Regarding forest type, density of conifers was significantly higher in SP forest than in LH and AA forests (Tukey’s HSD, p < 0.001 for both comparisons - Tab. 5). In addition, species diversity of trees was lower in SP forest when compared with the other two forest types (p < 0.001 for both comparisons with LH and AA forests, respectively - Fig. 3d, Tab. 5). Basal area of standing dead trees was higher in SP forest than in LH forest (p < 0.001) and AA forest than LH forests (p < 0.001), but not in AA forest in comparison with SP forests (p = 0.28 - Fig. 3b). The density of dead trees was also significantly higher in SP and AA forests than in LH forest (p = 0.04 and p < 0.001, respectively), but was also higher in AA than in SP forest (p < 0.001 - Fig. 3c, Tab. 5).

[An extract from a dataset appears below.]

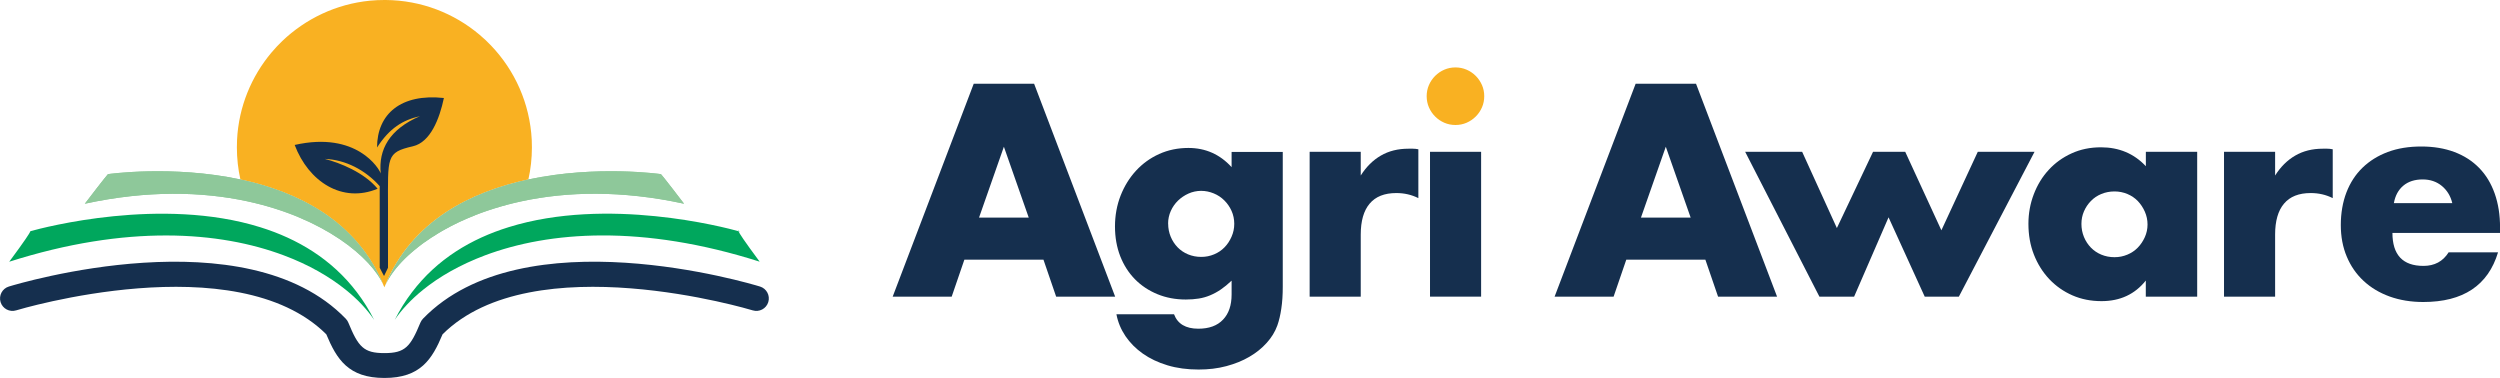 <?xml version="1.0" encoding="UTF-8"?><svg id="Layer_2" xmlns="http://www.w3.org/2000/svg" xmlns:xlink="http://www.w3.org/1999/xlink" viewBox="0 0 433.44 65.54"><defs><style>.cls-1{fill:url(#linear-gradient);}.cls-1,.cls-2,.cls-3,.cls-4,.cls-5,.cls-6,.cls-7{stroke-width:0px;}.cls-2{fill:#00a75d;}.cls-2,.cls-3,.cls-4{fill-rule:evenodd;}.cls-3,.cls-7{fill:#152f4e;}.cls-4{fill:#8ec89a;}.cls-5{fill:url(#linear-gradient-2);}.cls-6{fill:#f9b122;}</style><linearGradient id="linear-gradient" x1="67.69" y1="48.36" x2="67.69" y2="46.61" gradientUnits="userSpaceOnUse"><stop offset="0" stop-color="#f9af17"/><stop offset="1" stop-color="#ef7721"/></linearGradient><linearGradient id="linear-gradient-2" x1="68.71" y1="46.86" x2="68.71" y2="45.5" xlink:href="#linear-gradient"/></defs><g id="Layer_1-2"><path class="cls-4" d="M66.54,49.55c-2.1-4.93-10.47-11.82-23.71-14.66-7.79-1.67-17.26-1.93-28.12.43,3.57-4.68,4.01-5.13,4.01-5.13,0,0,11.16-1.6,22.96.92,9.9,2.12,20.26,7.13,24.85,18.44Z"/><path class="cls-4" d="M118.59,35.32c-10.86-2.37-20.33-2.1-28.12-.43-1.65.35-3.23.77-4.73,1.24-.37.12-.75.24-1.11.36-.18.06-.36.12-.53.18-.26.09-.51.18-.76.27-.15.05-.3.11-.44.17-.13.05-.27.1-.4.15-.52.2-1.03.41-1.52.63-.39.17-.77.34-1.14.51-.16.07-.31.15-.47.22-.26.12-.52.25-.77.38-.15.08-.3.16-.45.23-.6.31-1.18.63-1.74.96-.12.07-.24.14-.35.21-.92.55-1.78,1.12-2.58,1.69-.09.06-.17.12-.26.19-.07.05-.15.11-.22.17-.12.09-.23.17-.34.26-.11.08-.22.17-.33.26-.22.17-.43.35-.64.52-.21.17-.41.35-.6.52-.1.09-.2.17-.29.26-.09.08-.19.17-.28.26-.09.09-.18.17-.27.26-.09.08-.18.17-.26.26-.17.17-.34.35-.5.52-.15.16-.3.33-.44.49,0,.01-.02.02-.02.03-.22.26-.44.51-.63.77-.13.17-.26.33-.37.5,0,0,0,0,0,0-.24.33-.46.66-.65.99-.05.08-.1.17-.14.25-.05.08-.09.16-.13.24-.04.07-.07.14-.11.21-.08.17-.16.33-.23.5,4.6-11.3,14.95-16.32,24.86-18.44,11.8-2.52,22.96-.92,22.96-.92,0,0,.44.45,4.01,5.13Z"/><path class="cls-1" d="M67.37,48.35c.19-.32.4-.65.65-.99-.24.33-.45.66-.65.99Z"/><path class="cls-5" d="M68.39,46.86c.2-.25.41-.51.63-.77-.22.26-.43.51-.63.77Z"/><path class="cls-6" d="M92.22,25.57c0,1.9-.21,3.76-.61,5.54-9.9,2.12-20.26,7.13-24.86,18.44-.04.09-.07.18-.11.27-.03-.09-.07-.18-.11-.27-4.6-11.3-14.95-16.32-24.85-18.44-.4-1.79-.61-3.64-.61-5.54,0-.45.01-.89.03-1.34.29-5.74,2.49-10.98,5.96-15.11.59-.7,1.22-1.37,1.88-2.01C52.98,3.26,58.26.7,64.13.12c.83-.08,1.67-.12,2.52-.12.07,0,.15,0,.22,0,6.2.05,11.87,2.31,16.27,6.02.7.59,1.37,1.22,2,1.88,4.1,4.29,6.72,10,7.05,16.33.02.44.03.89.03,1.34Z"/><path class="cls-7" d="M131.77,49.68c-1.67-.51-41.08-12.35-58.43,5.57-.19.2-.34.43-.45.68-1.74,4.22-2.66,5.29-6.25,5.29s-4.51-1.06-6.25-5.29c-.1-.25-.26-.48-.45-.68C42.61,37.33,3.2,49.17,1.53,49.68c-1.14.35-1.78,1.56-1.43,2.7.35,1.14,1.56,1.78,2.7,1.43.38-.12,38.09-11.44,53.77,4.15,1.81,4.32,3.82,7.57,10.08,7.57s8.27-3.25,10.08-7.57c15.68-15.59,53.39-4.27,53.77-4.15,1.14.35,2.35-.29,2.7-1.43.35-1.14-.29-2.35-1.43-2.7h0Z"/><path class="cls-2" d="M64.87,55.46c-1.18-1.75-2.81-3.52-4.9-5.2-2.8-2.26-6.39-4.35-10.75-5.98-11.13-4.18-27.22-5.4-47.62,1.1,2.77-3.74,3.55-4.96,3.68-5.3,2.41-.67,22.75-6.02,39.86-.68,6.41,2,12.37,5.5,16.76,11.3,1.09,1.44,2.09,3.02,2.97,4.76Z"/><path class="cls-4" d="M66.54,49.55c-2.1-4.93-10.47-11.82-23.71-14.66-7.79-1.67-17.26-1.93-28.12.43,3.57-4.68,4.01-5.13,4.01-5.13,0,0,11.16-1.6,22.96.92,9.9,2.12,20.26,7.13,24.85,18.44Z"/><path class="cls-2" d="M131.71,45.37c-20.4-6.5-36.49-5.27-47.62-1.1-4.36,1.64-7.96,3.72-10.75,5.98-2.08,1.68-3.72,3.45-4.9,5.2.88-1.74,1.87-3.32,2.97-4.76,4.39-5.81,10.35-9.31,16.76-11.3,17.12-5.34,37.46.02,39.86.69.13.34.91,1.56,3.68,5.29Z"/><path class="cls-2" d="M128.26,40.15s-.08-.02-.24-.07c-.12-.29.24.07.24.07Z"/><path class="cls-4" d="M118.59,35.32c-10.86-2.37-20.33-2.1-28.12-.43-1.65.35-3.23.77-4.73,1.24-.37.12-.75.24-1.11.36-.18.06-.36.12-.53.18-.26.09-.51.18-.76.27-.15.05-.3.11-.44.17-.13.05-.27.1-.4.15-.52.2-1.03.41-1.52.63-.39.17-.77.34-1.14.51-.16.07-.31.15-.47.22-.26.12-.52.25-.77.38-.15.08-.3.16-.45.23-.6.31-1.18.63-1.74.96-.12.07-.24.14-.35.21-.92.55-1.78,1.12-2.58,1.69-.09.06-.17.12-.26.19-.07.05-.15.11-.22.17-.12.09-.23.17-.34.26-.11.08-.22.17-.33.26-.22.17-.43.35-.64.52-.21.17-.41.35-.6.52-.1.09-.2.17-.29.26-.09.08-.19.17-.28.26-.09.09-.18.17-.27.26-.09.08-.18.17-.26.26-.17.17-.34.35-.5.52-.15.16-.3.33-.44.49,0,.01-.02.02-.02.03-.22.26-.44.51-.63.77-.13.17-.26.33-.37.5,0,0,0,0,0,0-.24.33-.46.66-.65.99-.05.08-.1.17-.14.25-.05.08-.09.16-.13.24-.04.07-.07.14-.11.21-.08.17-.16.33-.23.5,4.6-11.3,14.95-16.32,24.86-18.44,11.8-2.52,22.96-.92,22.96-.92,0,0,.44.45,4.01,5.13Z"/><path class="cls-3" d="M67.27,46.39v-10.42c0-8.8-.38-9.53,4.32-10.61,3.03-.7,4.61-4.75,5.37-8.37-7.43-.8-11.58,2.75-11.59,8.58,2.18-3.37,4.47-4.76,7.44-5.43-5.27,2.26-7.22,5.77-6.8,9.94-.24-.8-4.15-7.39-14.92-4.95,2.4,6.37,8.26,10.16,14.38,7.59-2.36-2.84-6.56-4.5-9.16-5.17,3.6.14,7.05,1.94,9.52,4.72v14.15s.75,1.44.75,1.44l.7-1.46Z"/><path class="cls-7" d="M180.91,45.02h-13.71l-2.2,6.41h-10.23l14.05-36.91h10.47l14.05,36.91h-10.23l-2.2-6.41ZM178.36,37.73l-4.31-12.29-4.31,12.29h8.61Z"/><path class="cls-7" d="M222.4,26.32v23.4c0,1.4-.08,2.66-.25,3.77-.16,1.11-.39,2.09-.69,2.94-.39,1.08-1,2.08-1.84,3.01-.83.93-1.84,1.74-3.01,2.42-1.17.69-2.5,1.22-3.99,1.62s-3.09.59-4.82.59c-1.96,0-3.75-.24-5.38-.73-1.63-.49-3.06-1.17-4.28-2.03-1.22-.86-2.23-1.88-3.01-3.03-.78-1.16-1.31-2.42-1.57-3.79h9.99c.62,1.66,2.02,2.5,4.21,2.5,1.86,0,3.29-.52,4.28-1.57,1-1.04,1.49-2.5,1.49-4.36v-2.4c-.65.62-1.28,1.13-1.88,1.54-.6.41-1.22.74-1.84,1-.62.26-1.27.45-1.96.56-.69.11-1.44.17-2.25.17-1.8,0-3.44-.31-4.94-.93-1.5-.62-2.8-1.48-3.89-2.59-1.09-1.11-1.94-2.44-2.55-3.99-.6-1.55-.91-3.27-.91-5.16s.33-3.71.98-5.36c.65-1.65,1.54-3.08,2.67-4.31,1.13-1.22,2.46-2.19,4.01-2.89,1.55-.7,3.24-1.05,5.07-1.05,2.97,0,5.47,1.11,7.49,3.33v-2.64h8.86ZM202.53,38.76c0,.82.15,1.57.44,2.28.29.7.69,1.31,1.2,1.84.51.52,1.11.93,1.81,1.22.7.29,1.46.44,2.28.44s1.53-.15,2.23-.44c.7-.29,1.31-.7,1.81-1.22.51-.52.91-1.13,1.22-1.84.31-.7.47-1.44.47-2.23s-.16-1.57-.47-2.25c-.31-.69-.73-1.29-1.25-1.81-.52-.52-1.13-.93-1.84-1.22s-1.43-.44-2.18-.44-1.52.16-2.2.47c-.69.31-1.29.72-1.81,1.22-.52.51-.94,1.1-1.25,1.79-.31.69-.47,1.42-.47,2.2Z"/><path class="cls-7" d="M227.06,26.32h8.86v4.11c.95-1.5,2.1-2.65,3.48-3.45,1.37-.8,2.97-1.2,4.8-1.2h.76c.28,0,.59.03.95.1v8.47c-1.17-.59-2.45-.88-3.82-.88-2.06,0-3.6.61-4.63,1.84-1.03,1.22-1.54,3.01-1.54,5.36v10.77h-8.86v-25.11Z"/><path class="cls-6" d="M247.35,16.68c0-.69.13-1.33.39-1.93.26-.6.62-1.13,1.08-1.59.46-.46.99-.82,1.59-1.08.6-.26,1.25-.39,1.93-.39s1.33.13,1.93.39c.6.26,1.13.62,1.59,1.08.46.46.81.99,1.08,1.59.26.6.39,1.25.39,1.93s-.13,1.33-.39,1.93c-.26.6-.62,1.13-1.08,1.59-.46.46-.99.82-1.59,1.08-.6.26-1.25.39-1.93.39s-1.33-.13-1.93-.39c-.6-.26-1.13-.62-1.59-1.08-.46-.46-.82-.99-1.08-1.59-.26-.6-.39-1.25-.39-1.93Z"/><rect class="cls-7" x="247.93" y="26.32" width="8.86" height="25.11"/><path class="cls-7" d="M295.67,45.02h-13.71l-2.2,6.41h-10.23l14.05-36.91h10.47l14.05,36.91h-10.23l-2.2-6.41ZM293.12,37.73l-4.31-12.29-4.31,12.29h8.61Z"/><path class="cls-7" d="M312.45,26.32l6.02,13.22,6.27-13.22h5.58l6.27,13.61,6.31-13.61h9.84l-13.12,25.11h-5.92l-6.27-13.75-5.97,13.75h-6.02l-12.87-25.11h9.89Z"/><path class="cls-7" d="M372.03,26.32h8.91v25.11h-8.91v-2.79c-1.89,2.38-4.45,3.57-7.68,3.57-1.83,0-3.51-.33-5.04-1-1.53-.67-2.87-1.61-4.01-2.81-1.14-1.21-2.03-2.63-2.67-4.26-.64-1.63-.95-3.41-.95-5.34,0-1.79.31-3.5.93-5.12.62-1.62,1.48-3.03,2.59-4.23,1.11-1.21,2.43-2.16,3.97-2.86,1.53-.7,3.23-1.05,5.09-1.05,3.13,0,5.73,1.09,7.78,3.28v-2.5ZM360.87,38.81c0,.82.15,1.57.44,2.28.29.7.69,1.31,1.2,1.84.51.52,1.11.93,1.81,1.22.7.29,1.46.44,2.28.44s1.53-.15,2.23-.44c.7-.29,1.31-.7,1.81-1.22.51-.52.91-1.13,1.22-1.81.31-.69.47-1.42.47-2.2s-.16-1.53-.47-2.23c-.31-.7-.72-1.31-1.22-1.84-.51-.52-1.11-.93-1.81-1.22-.7-.29-1.44-.44-2.23-.44s-1.58.15-2.28.44c-.7.29-1.31.7-1.81,1.22-.51.52-.91,1.12-1.2,1.79-.29.67-.44,1.39-.44,2.18Z"/><path class="cls-7" d="M385.59,26.32h8.86v4.11c.95-1.5,2.1-2.65,3.48-3.45,1.37-.8,2.97-1.2,4.8-1.2h.76c.28,0,.59.03.95.1v8.47c-1.17-.59-2.45-.88-3.82-.88-2.06,0-3.6.61-4.63,1.84-1.03,1.22-1.54,3.01-1.54,5.36v10.77h-8.86v-25.11Z"/><path class="cls-7" d="M414.79,40.37c0,3.82,1.79,5.73,5.38,5.73,1.92,0,3.38-.78,4.36-2.35h8.57c-1.73,5.74-6.05,8.61-12.97,8.61-2.12,0-4.06-.32-5.82-.95-1.76-.64-3.27-1.54-4.53-2.72-1.26-1.17-2.23-2.58-2.91-4.21-.69-1.63-1.03-3.46-1.03-5.48s.33-3.97.98-5.65c.65-1.68,1.58-3.11,2.79-4.28,1.21-1.17,2.67-2.08,4.38-2.72,1.71-.64,3.65-.95,5.8-.95s4.03.32,5.73.95c1.7.64,3.13,1.56,4.31,2.77,1.18,1.21,2.07,2.68,2.69,4.43.62,1.75.93,3.71.93,5.9v.93h-18.65ZM425.17,35.23c-.29-1.24-.9-2.23-1.81-2.99-.91-.75-2.02-1.13-3.33-1.13-1.37,0-2.49.36-3.35,1.08-.86.72-1.41,1.73-1.64,3.03h10.13Z"/></g></svg>

Forest management affected stand characteristics that are important to birds. The density of trees, their total basal area and the tree species diversity each influenced one or more bird community indexes. The density of dead trees was significantly higher in NAT in comparison with SEMI and MAN stands. The loss of dead wood was the most visible in SP-MAN plots in comparison to SP-NAT stands (Fig. 3b, Fig. 3c). The highest number of dead trees (mostly spruces) were found in SP-NAT stands because of the mortality associated with the climate warming that has been ongoing at BNP since many years ([22], [1], [47]). Outside BNP forest managers try to minimize the effects of these changes by removing all infected and dying trees. Although the density of dead trees did not directly influence bird community indexes, it is known that some bird species are strongly dependent on dead wood (e.g., White-backed Woodpecker Dendrocopos leucotos, Three-toed Woodpecker Picoides tridactylus). In addition, the presence of snags shapes the forest structure, as dying trees create canopy gaps where natural regeneration takes place. Dead wood in various stages of decay, including single dead trees of pioneer species (e.g., birch, Betula spp. and aspen, Populus tremula), are important nesting spots for many bird species including woodpeckers. The root disk of fallen trees also provides nesting sites for many bird species ([43]). Consequently, bird abundance and species richness within treefall gaps is higher than in close-canopy forest ([14]). Such gaps are fairly common in BNP (NAT plots in contrast to MAN plots), where older trees are regularly cut by foresters and replaced mainly by pines and oaks, often planted in fenced gaps. Such planting is the reason underlying the highest density of coniferous trees occurring in the SP-MAN plots.

Bird community indexes are also affected by the forest structure. The richness, abundance and diversity of bird communities was the highest in natural or in semi-natural stands and the lowest in managed stands. In semi-natural forests where management impacts are very moderate, bird indexes did not differ significantly from those found in the BNP (NAT plots). This indicates that silvicultural practices (logging, planting trees, etc.) led to the decline of some specialized bird species ([52]), but some common species, e.g., Chaffinch Fringilla coelebs in coniferous managed stands, seem to have taken advantage of forest management (see Tab. S1-S3 in Appendix 1).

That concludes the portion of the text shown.